**Data below:**
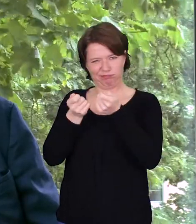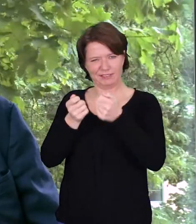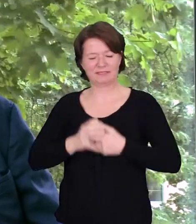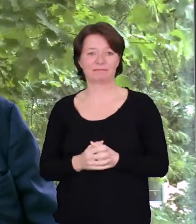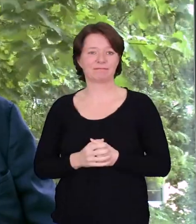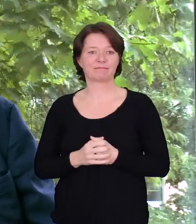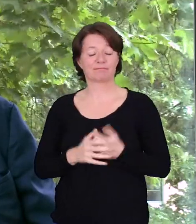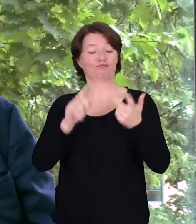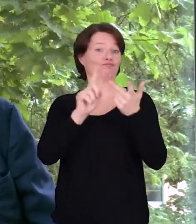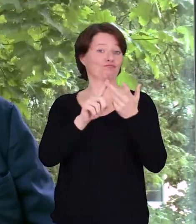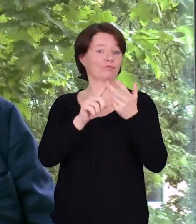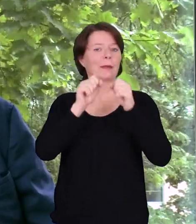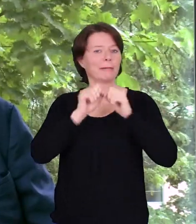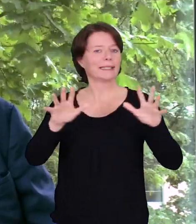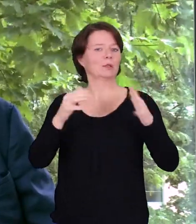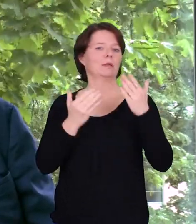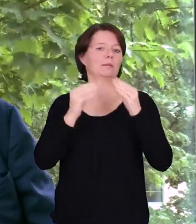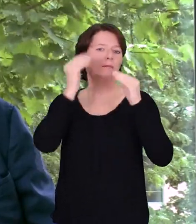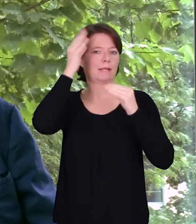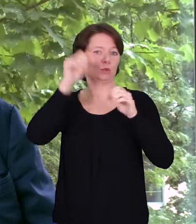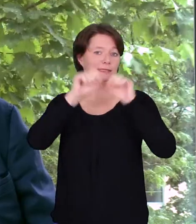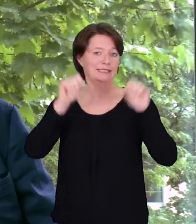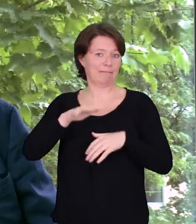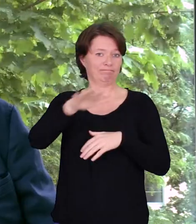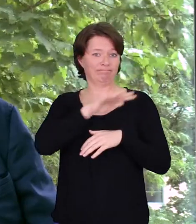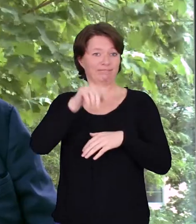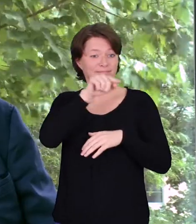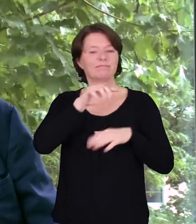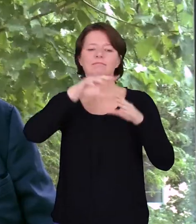und im Bildungssystem, weil es eben um Aufklärung und Information geht.
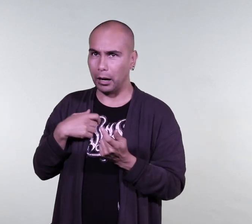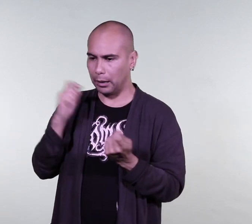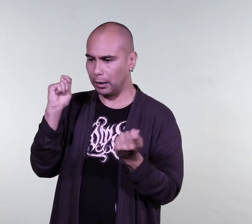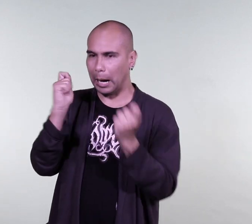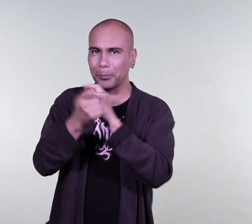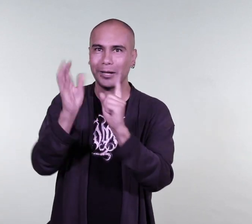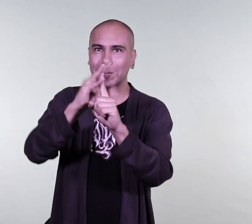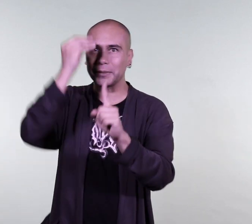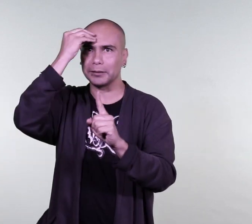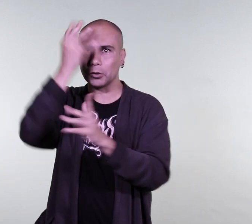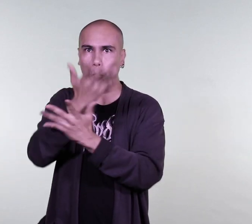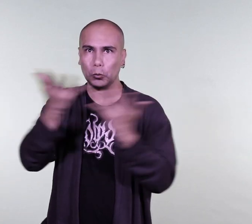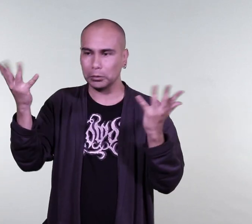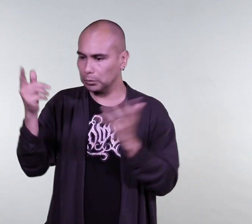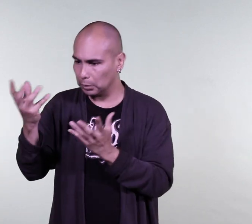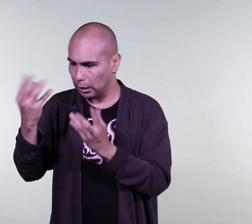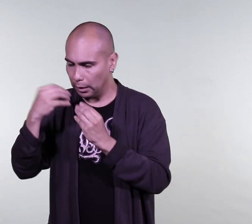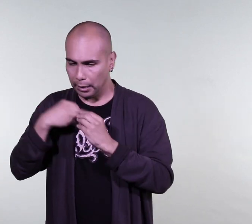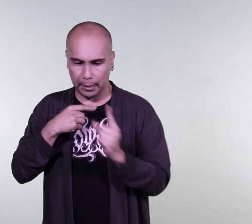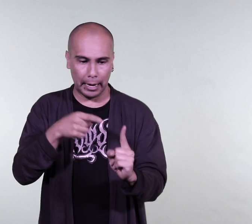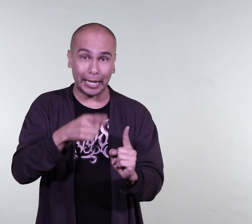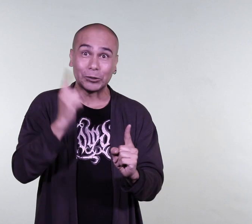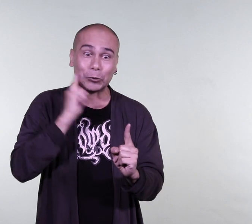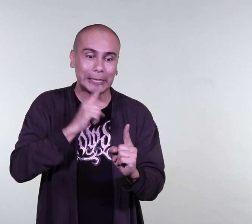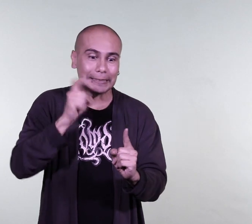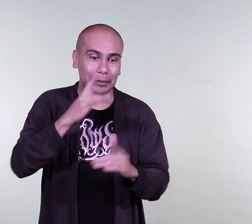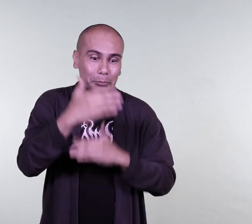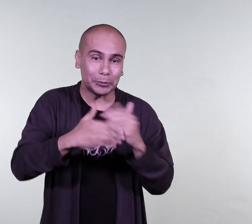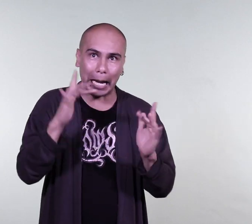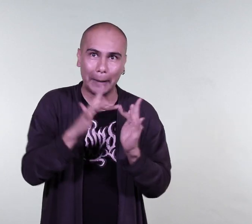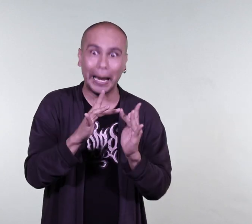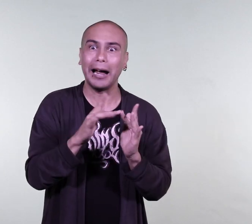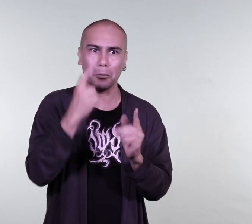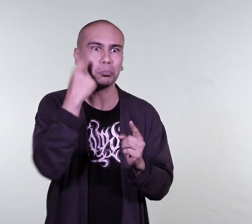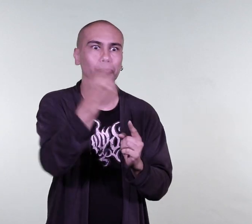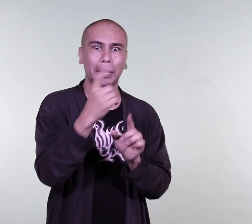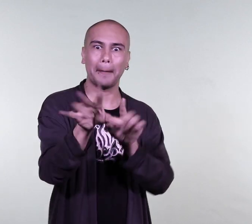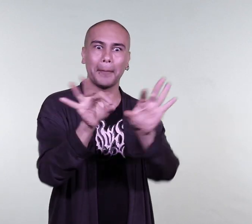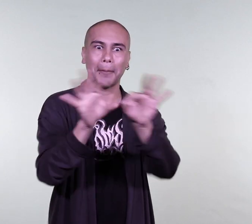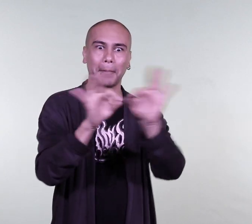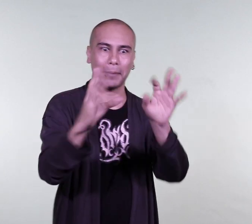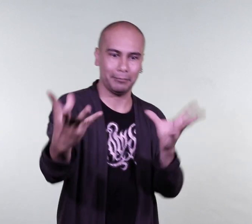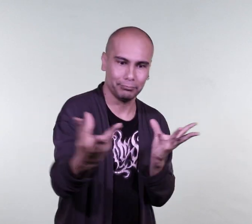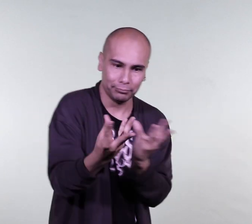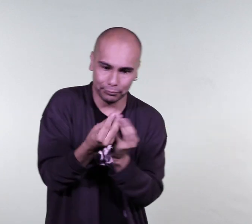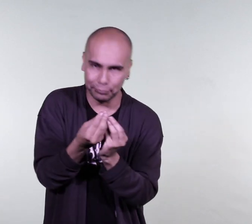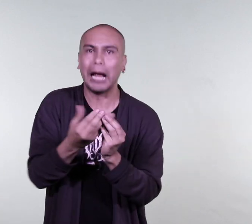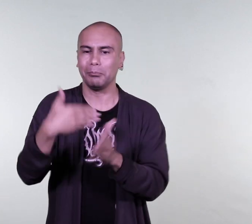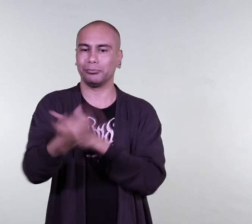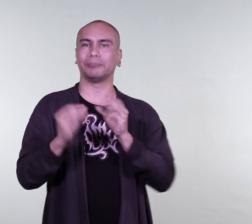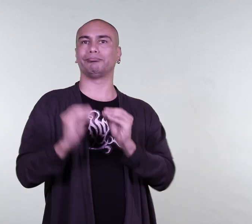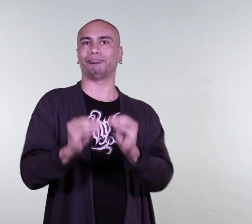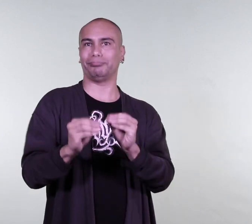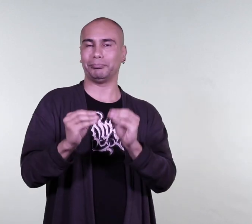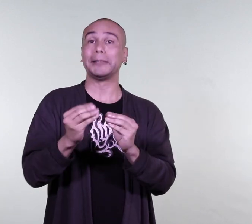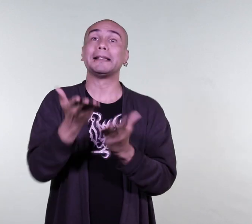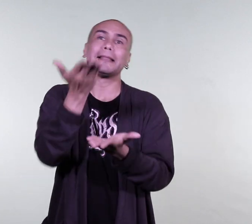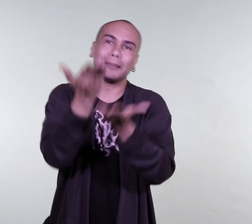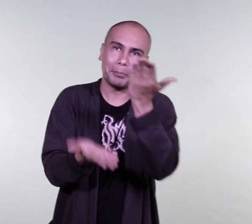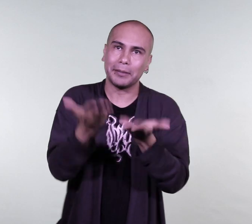los agentes educativos para que conozcan las propuestas educativas y cuál es la oferta pertinente para la población
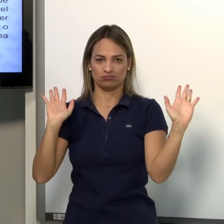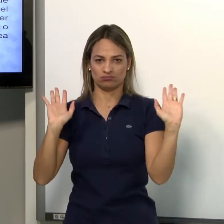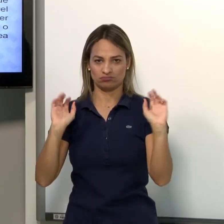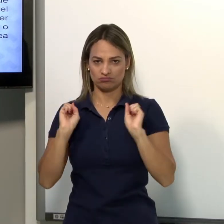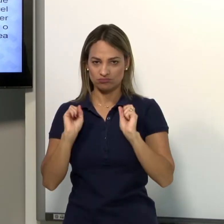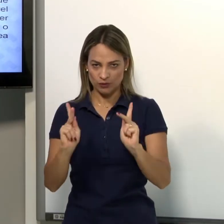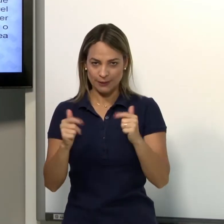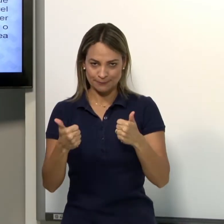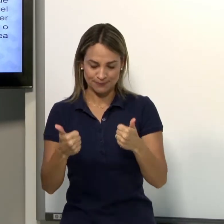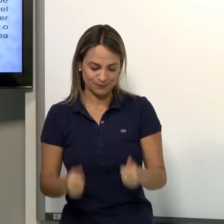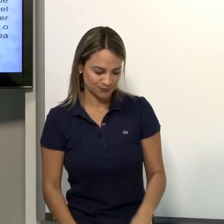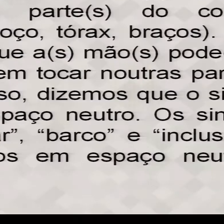clara. Tudo bem?

**Prompt:** When you copy the data above, keep each line exact and omit the pictures.

**Answer box:**
und im Bildungssystem, weil es eben um Aufklärung und Information geht.
los agentes educativos para que conozcan las propuestas educativas y cuál es la oferta pertinente para la población
clara. Tudo bem?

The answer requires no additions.